François de Rugy fait converger sur soi-même, à son corps défendant et plus que de raison, une foultitude de symboles : il y a embouteillage sémiotique sur la personne ! 

D'abord et avant tout, la prime offerte – sous la forme du perchoir et de l'hôtel de Lassay afférent – à la traîtrise en politique considérée comme une vertu cardinale en ces temps nouveaux qui s'ouvrent : le sens de l'adaptation. Les convictions (de gauche) sont désormais ineptes et infécondes si elles ne sont pas accompagnées d'un parachute idoine, c'est-à-dire si elles ne s'avèrent pas à géométrie variable. M. de Rugy incarne donc la cohérence souhaitable de la méduse portée par les flots. Que les saumons ringards qui s'épuisent à remonter le courant sachent s'en inspirer ! La fidélité, la sincérité, la franchise, la constance, bref la droiture – de gauche ! – sont passées de mode. Qu'on se le dise : le nouveau président de l'Assemblée nationale en est le symbole (sur)vivant.
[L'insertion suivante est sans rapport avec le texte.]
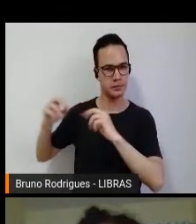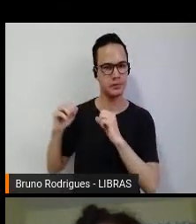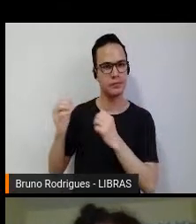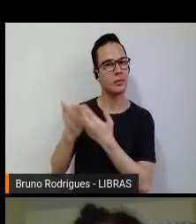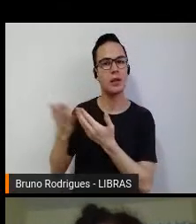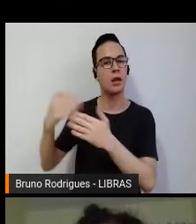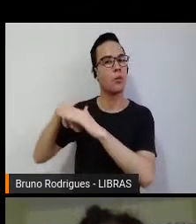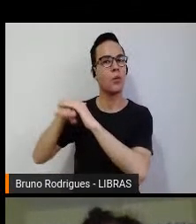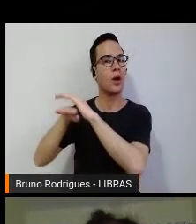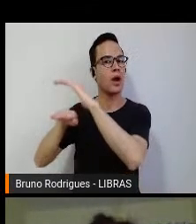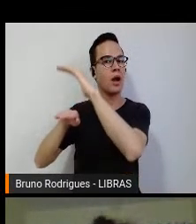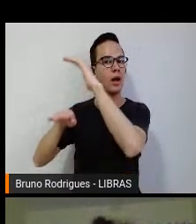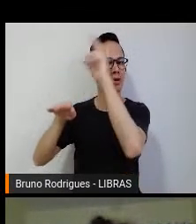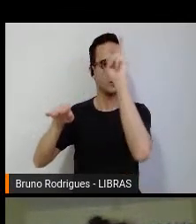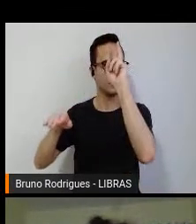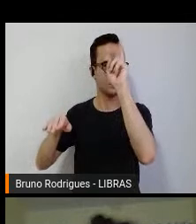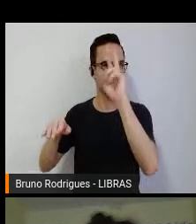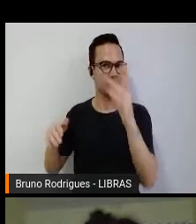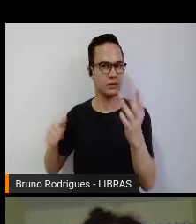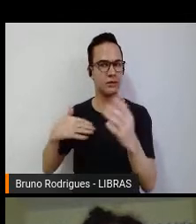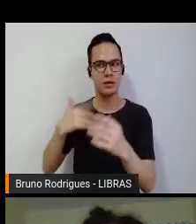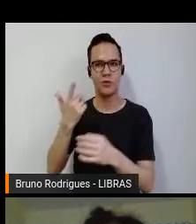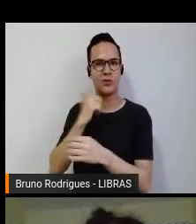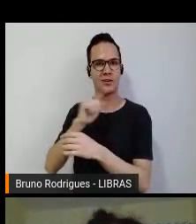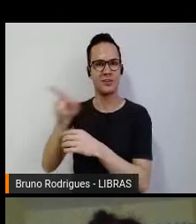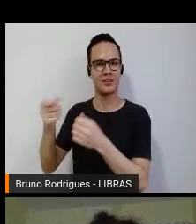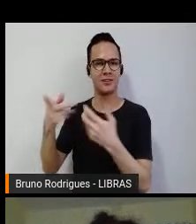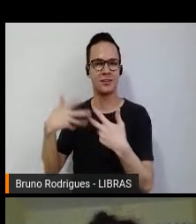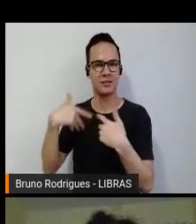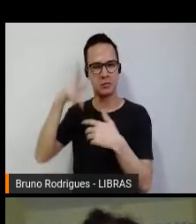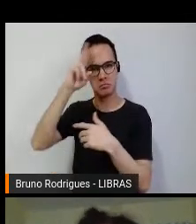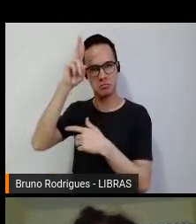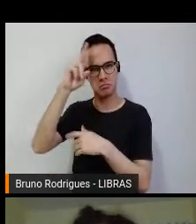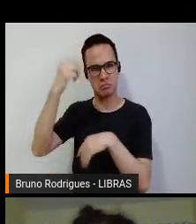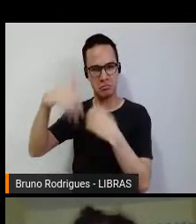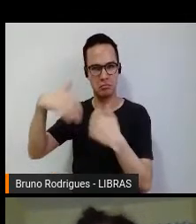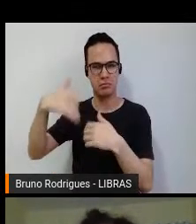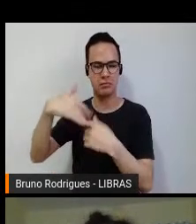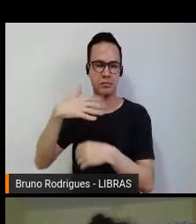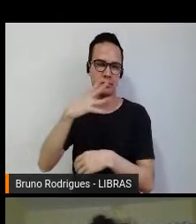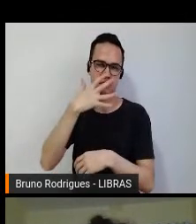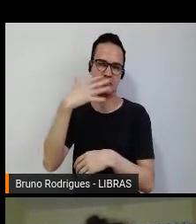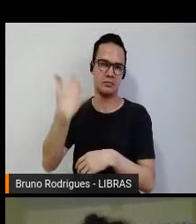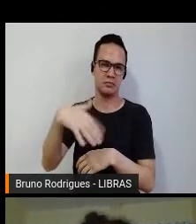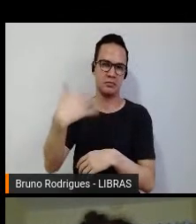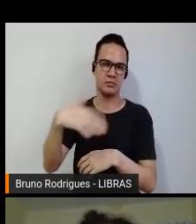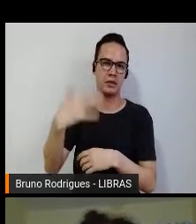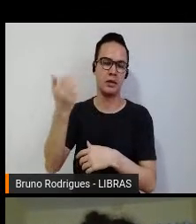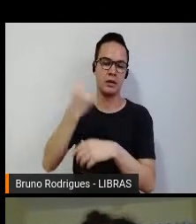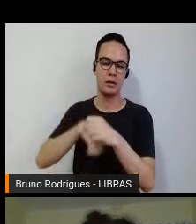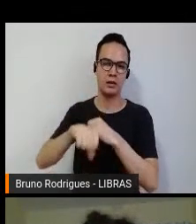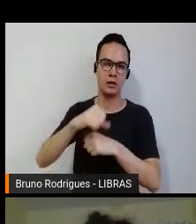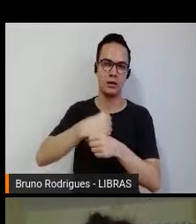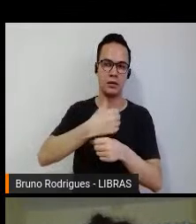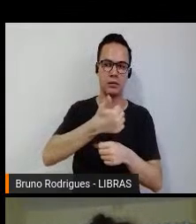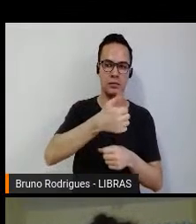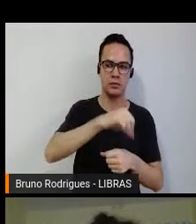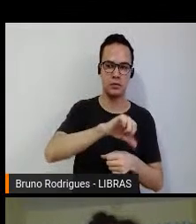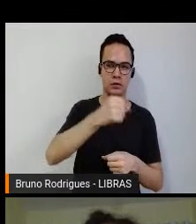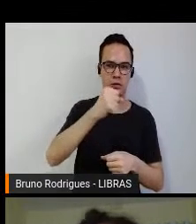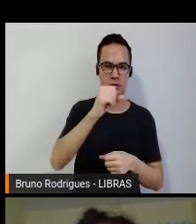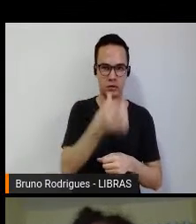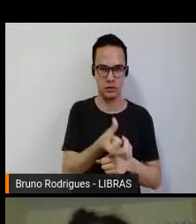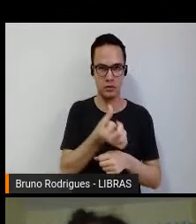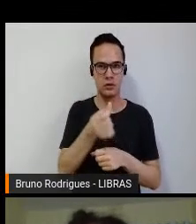guardaram essa história, né, e eu tive acesso a uma série de informações, como por exemplo, essa, em 1986, a

Il y a ensuite cette hypocrisie frétillante, qui consiste à genrer à mort à l'écrit comme à l'oral, pour que tou.t.es y trouvent leur compte, au figuré. Mais quand on entre dans le vif du sujet, lorsqu'il s'agit, au sens propre, de s'imposer en bénéficier du Palais-Bourbon, la cause des femmes dont on se proclame le parangon passe aux oubliettes ! La part du lion ne saurait être que virile : Rugy soit qui mâle y pense !

Comme si la barque métaphorique n'était pas suffisamment chargée, le nouveau pouvoir macronien, dont l'allant monarchien voire impérial n'est pas sans réveiller l'implicite régalien qui couvait sous la Ve République, s'offre un signe avant-coureur supplémentaire. Le prétendu renouveau saura se repaître d'Ancien Régime. Emmanuel Macron a donné le signal voilà exactement un an, dans un entretien au 1 : « La démocratie comporte toujours une forme d'incomplétude, car elle ne se suffit pas à elle-même. Il y a dans le processus démocratique et dans son fonctionnement un absent. Dans la politique française, cet absent est la figure du Roi, dont je pense fondamentalement que le peuple français n'a pas voulu la mort. »

Voilà la figure du Roi ressuscitée à l'Élysée. La cour se reconstitue abondamment sous nos yeux. L'absence est vite devenue trop-plein. Il ne manquait plus que M. de Rugy au perchoir. Le dernier ci-devant dépêché en un tel sommet fut Gaston d'Audiffret-Pasquier, en 1875, comme un ultime pied de nez à l'amendement Wallon qui venait d'instaurer la République face aux appétits royalistes encore aiguisés – à l'époque défendus depuis le palais de l'Élysée par Patrice de Mac Mahon.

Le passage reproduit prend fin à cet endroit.